SOURCE DATA Block Start

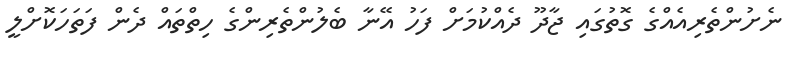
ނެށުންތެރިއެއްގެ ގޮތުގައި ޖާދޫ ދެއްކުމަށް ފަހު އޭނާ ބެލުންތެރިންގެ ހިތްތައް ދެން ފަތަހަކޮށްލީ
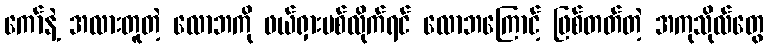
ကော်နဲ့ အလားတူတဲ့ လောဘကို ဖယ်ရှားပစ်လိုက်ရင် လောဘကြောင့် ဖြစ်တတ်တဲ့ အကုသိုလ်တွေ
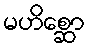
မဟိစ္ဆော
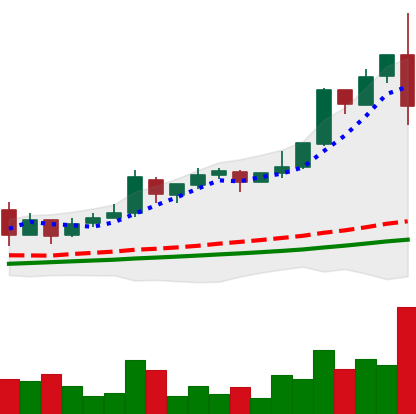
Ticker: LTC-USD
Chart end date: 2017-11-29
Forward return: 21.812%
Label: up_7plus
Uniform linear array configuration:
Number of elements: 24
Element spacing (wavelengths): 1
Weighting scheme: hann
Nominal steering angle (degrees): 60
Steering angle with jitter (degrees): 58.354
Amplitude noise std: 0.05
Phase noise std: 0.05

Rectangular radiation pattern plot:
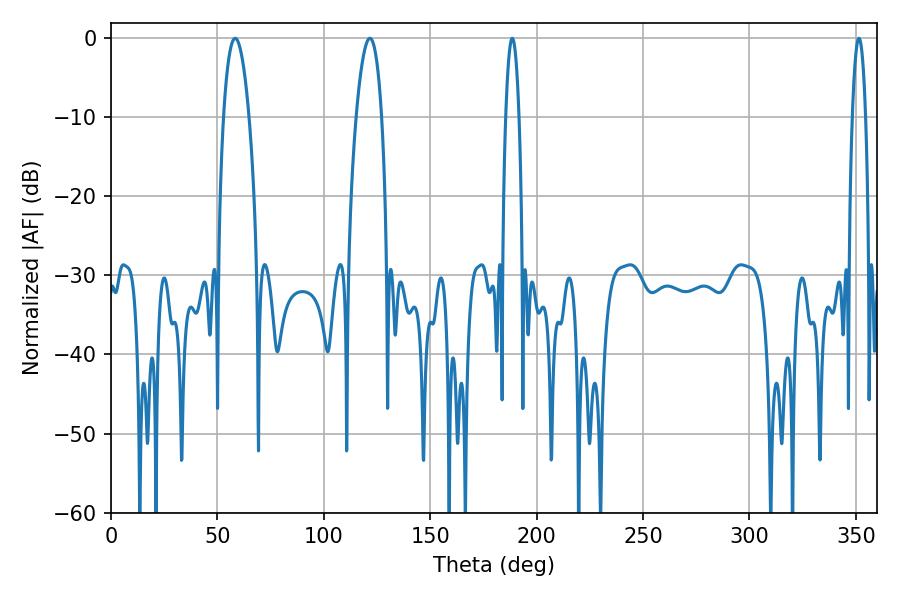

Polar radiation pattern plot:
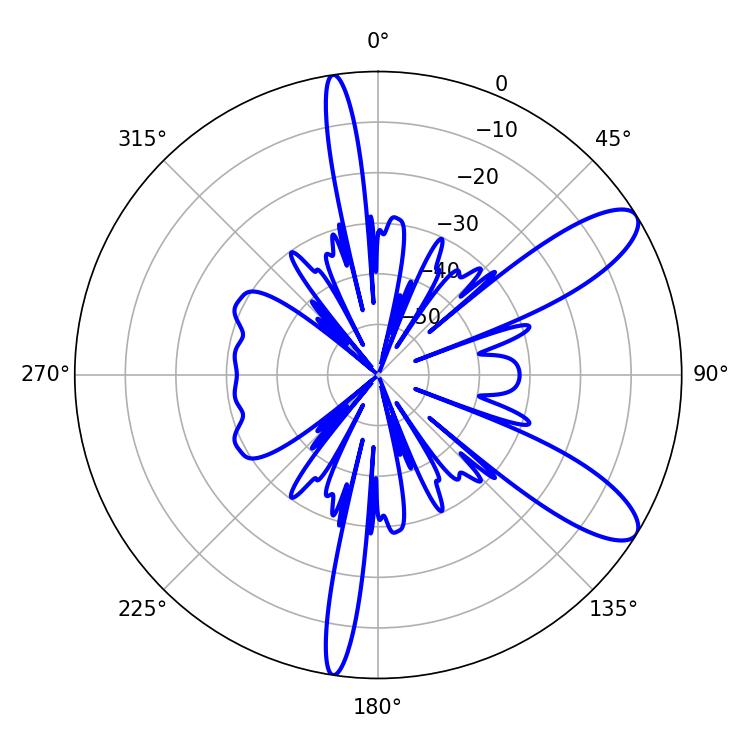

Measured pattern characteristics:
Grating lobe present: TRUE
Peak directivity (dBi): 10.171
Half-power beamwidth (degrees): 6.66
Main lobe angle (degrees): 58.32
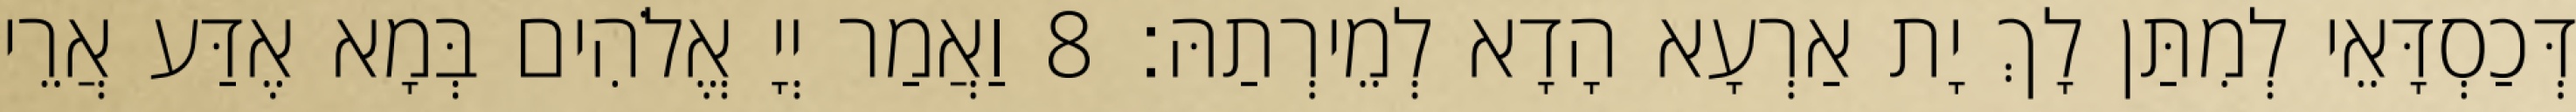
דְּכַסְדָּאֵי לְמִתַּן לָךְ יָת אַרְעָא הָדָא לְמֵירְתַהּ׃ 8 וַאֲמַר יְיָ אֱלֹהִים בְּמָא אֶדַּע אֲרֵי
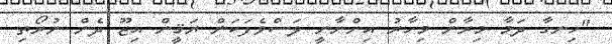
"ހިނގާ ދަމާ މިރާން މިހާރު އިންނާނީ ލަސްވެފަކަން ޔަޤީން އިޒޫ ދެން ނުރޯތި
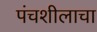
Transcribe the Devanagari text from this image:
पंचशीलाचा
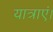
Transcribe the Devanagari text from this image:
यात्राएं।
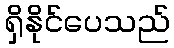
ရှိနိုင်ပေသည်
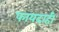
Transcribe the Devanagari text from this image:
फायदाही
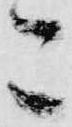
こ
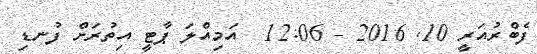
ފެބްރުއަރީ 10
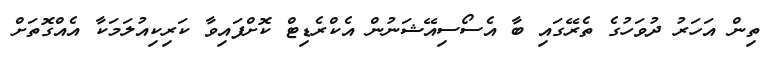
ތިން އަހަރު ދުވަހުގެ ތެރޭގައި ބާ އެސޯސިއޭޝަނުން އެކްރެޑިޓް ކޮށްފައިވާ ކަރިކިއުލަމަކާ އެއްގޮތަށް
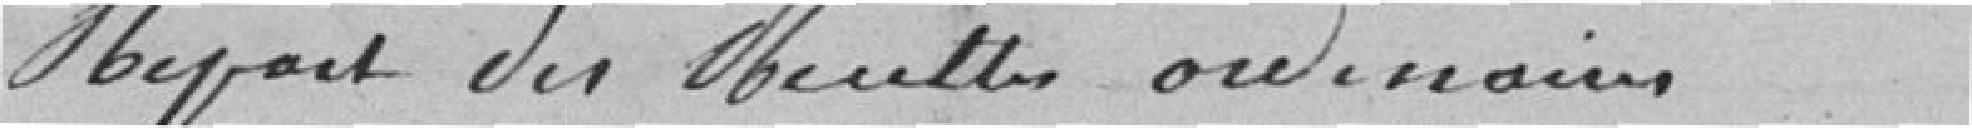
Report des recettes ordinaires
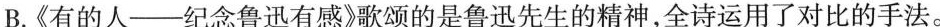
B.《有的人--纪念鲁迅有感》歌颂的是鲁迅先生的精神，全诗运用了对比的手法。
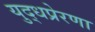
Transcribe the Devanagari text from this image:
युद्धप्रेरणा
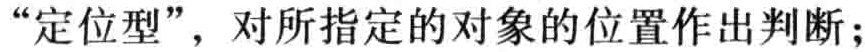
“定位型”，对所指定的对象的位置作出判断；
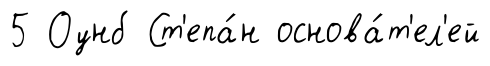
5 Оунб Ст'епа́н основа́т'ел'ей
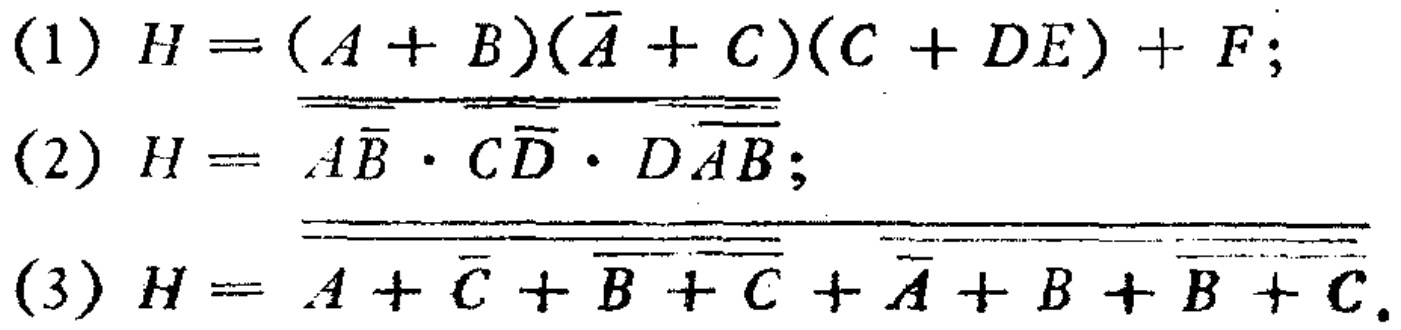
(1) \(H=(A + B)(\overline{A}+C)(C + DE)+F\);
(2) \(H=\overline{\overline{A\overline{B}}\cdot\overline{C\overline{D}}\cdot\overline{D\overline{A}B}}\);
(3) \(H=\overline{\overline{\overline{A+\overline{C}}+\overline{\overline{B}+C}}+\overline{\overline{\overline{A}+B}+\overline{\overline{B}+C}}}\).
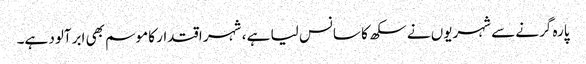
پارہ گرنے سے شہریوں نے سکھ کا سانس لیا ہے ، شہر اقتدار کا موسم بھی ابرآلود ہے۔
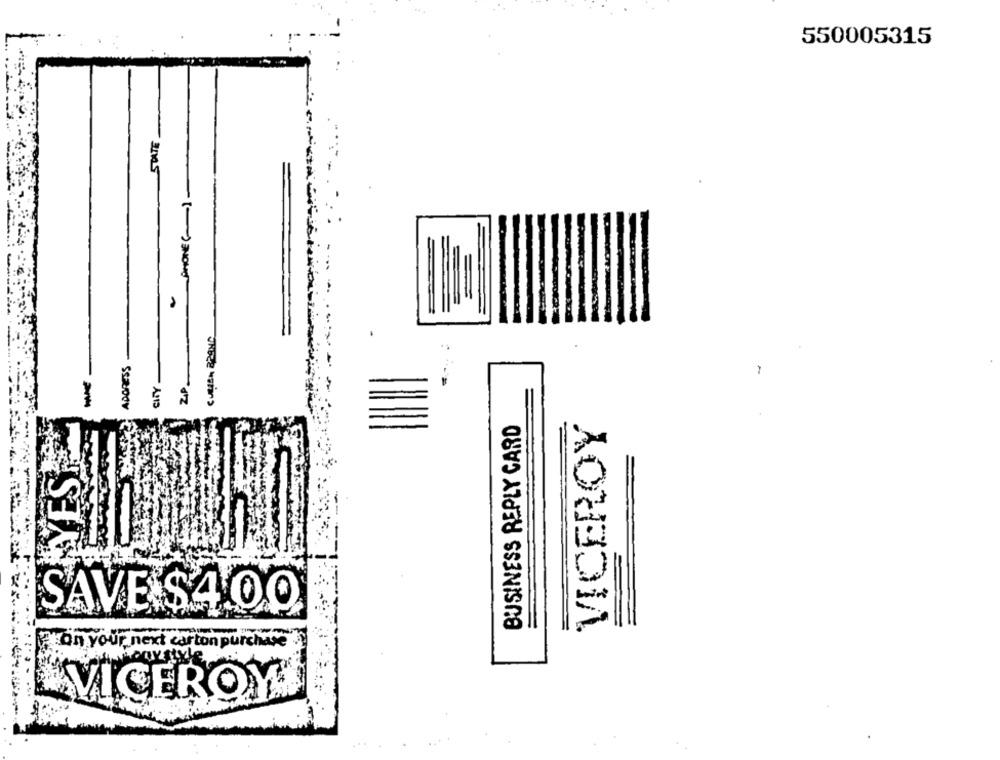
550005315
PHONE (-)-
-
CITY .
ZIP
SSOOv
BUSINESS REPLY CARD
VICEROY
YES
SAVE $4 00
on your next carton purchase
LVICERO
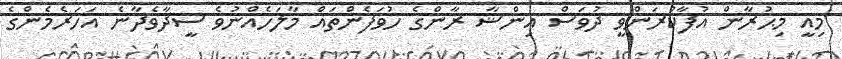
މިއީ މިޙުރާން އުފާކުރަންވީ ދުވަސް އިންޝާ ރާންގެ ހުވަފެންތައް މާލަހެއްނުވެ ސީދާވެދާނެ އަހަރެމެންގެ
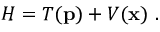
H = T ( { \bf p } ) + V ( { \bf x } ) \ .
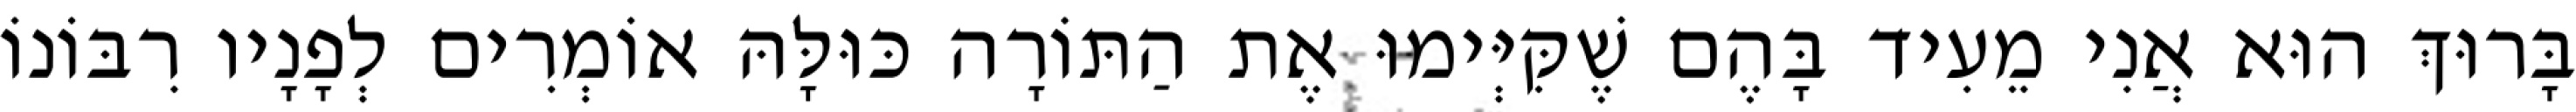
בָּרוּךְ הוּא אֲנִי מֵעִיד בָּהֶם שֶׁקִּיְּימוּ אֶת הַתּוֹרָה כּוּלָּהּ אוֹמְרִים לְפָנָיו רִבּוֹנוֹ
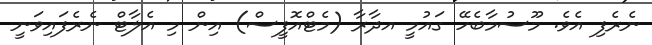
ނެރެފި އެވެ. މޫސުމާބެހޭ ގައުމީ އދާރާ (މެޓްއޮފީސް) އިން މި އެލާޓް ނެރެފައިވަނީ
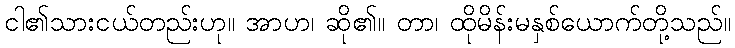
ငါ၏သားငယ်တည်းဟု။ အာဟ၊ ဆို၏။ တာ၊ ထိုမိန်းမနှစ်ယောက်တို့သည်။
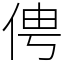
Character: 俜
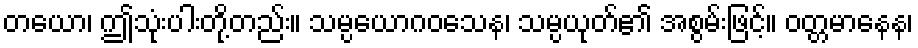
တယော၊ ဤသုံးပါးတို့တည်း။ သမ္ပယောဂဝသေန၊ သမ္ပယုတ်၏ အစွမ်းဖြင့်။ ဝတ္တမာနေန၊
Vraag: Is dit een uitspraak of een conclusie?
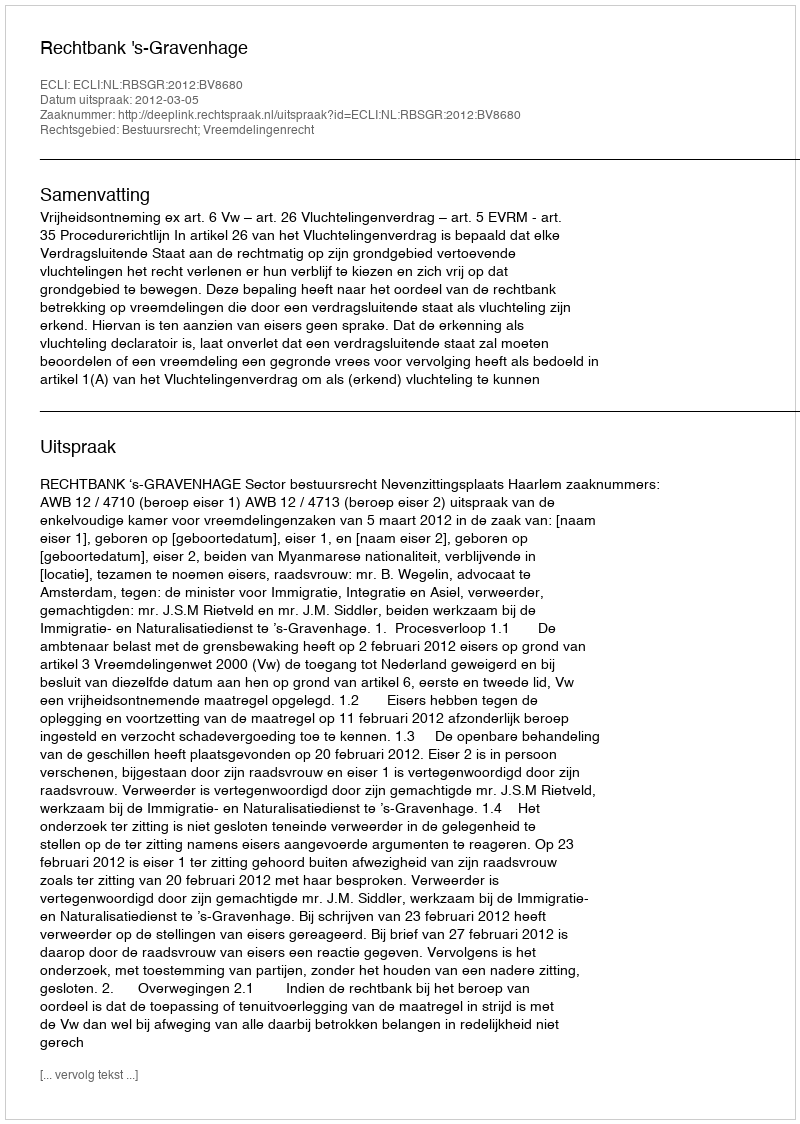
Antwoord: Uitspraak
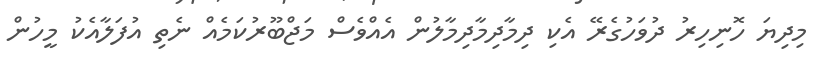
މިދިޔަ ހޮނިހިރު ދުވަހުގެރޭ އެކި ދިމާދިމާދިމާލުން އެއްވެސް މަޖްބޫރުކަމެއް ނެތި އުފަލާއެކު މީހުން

SOURCE DATA Block End

Set down, word for word, only the lines running from the line with "Phase noise std: 0.05" through the final line of the entries above, omitting all pictures.

Phase noise std: 0.05

Rectangular radiation pattern plot:

Polar radiation pattern plot:

Measured pattern characteristics:
Grating lobe present: TRUE
Peak directivity (dBi): 10.171
Half-power beamwidth (degrees): 6.66
Main lobe angle (degrees): 58.32
דְּכַסְדָּאֵי לְמִתַּן לָךְ יָת אַרְעָא הָדָא לְמֵירְתַהּ׃ 8 וַאֲמַר יְיָ אֱלֹהִים בְּמָא אֶדַּע אֲרֵי
"ހިނގާ ދަމާ މިރާން މިހާރު އިންނާނީ ލަސްވެފަކަން ޔަޤީން އިޒޫ ދެން ނުރޯތި
Transcribe the Devanagari text from this image:
पंचशीलाचा
Transcribe the Devanagari text from this image:
यात्राएं।
ရှိနိုင်ပေသည်
Transcribe the Devanagari text from this image:
फायदाही
こ
ފެބްރުއަރީ 10
ތިން އަހަރު ދުވަހުގެ ތެރޭގައި ބާ އެސޯސިއޭޝަނުން އެކްރެޑިޓް ކޮށްފައިވާ ކަރިކިއުލަމަކާ އެއްގޮތަށް
Report des recettes ordinaires
B.《有的人--纪念鲁迅有感》歌颂的是鲁迅先生的精神，全诗运用了对比的手法。
Transcribe the Devanagari text from this image:
युद्धप्रेरणा
“定位型”，对所指定的对象的位置作出判断；
5 Оунб Ст'епа́н основа́т'ел'ей
(1) \(H=(A + B)(\overline{A}+C)(C + DE)+F\);
(2) \(H=\overline{\overline{A\overline{B}}\cdot\overline{C\overline{D}}\cdot\overline{D\overline{A}B}}\);
(3) \(H=\overline{\overline{\overline{A+\overline{C}}+\overline{\overline{B}+C}}+\overline{\overline{\overline{A}+B}+\overline{\overline{B}+C}}}\).
پارہ گرنے سے شہریوں نے سکھ کا سانس لیا ہے ، شہر اقتدار کا موسم بھی ابرآلود ہے۔
550005315
PHONE (-)-
-
CITY .
ZIP
SSOOv
BUSINESS REPLY CARD
VICEROY
YES
SAVE $4 00
on your next carton purchase
LVICERO
މިއީ މިޙުރާން އުފާކުރަންވީ ދުވަސް އިންޝާ ރާންގެ ހުވަފެންތައް މާލަހެއްނުވެ ސީދާވެދާނެ އަހަރެމެންގެ
H = T ( { \bf p } ) + V ( { \bf x } ) \ .
בָּרוּךְ הוּא אֲנִי מֵעִיד בָּהֶם שֶׁקִּיְּימוּ אֶת הַתּוֹרָה כּוּלָּהּ אוֹמְרִים לְפָנָיו רִבּוֹנוֹ
ނެރެފި އެވެ. މޫސުމާބެހޭ ގައުމީ އދާރާ (މެޓްއޮފީސް) އިން މި އެލާޓް ނެރެފައިވަނީ
ငါ၏သားငယ်တည်းဟု။ အာဟ၊ ဆို၏။ တာ၊ ထိုမိန်းမနှစ်ယောက်တို့သည်။
Character: 俜
တယော၊ ဤသုံးပါးတို့တည်း။ သမ္ပယောဂဝသေန၊ သမ္ပယုတ်၏ အစွမ်းဖြင့်။ ဝတ္တမာနေန၊
Vraag: Is dit een uitspraak of een conclusie?
Antwoord: Uitspraak
މިދިޔަ ހޮނިހިރު ދުވަހުގެރޭ އެކި ދިމާދިމާދިމާލުން އެއްވެސް މަޖްބޫރުކަމެއް ނެތި އުފަލާއެކު މީހުން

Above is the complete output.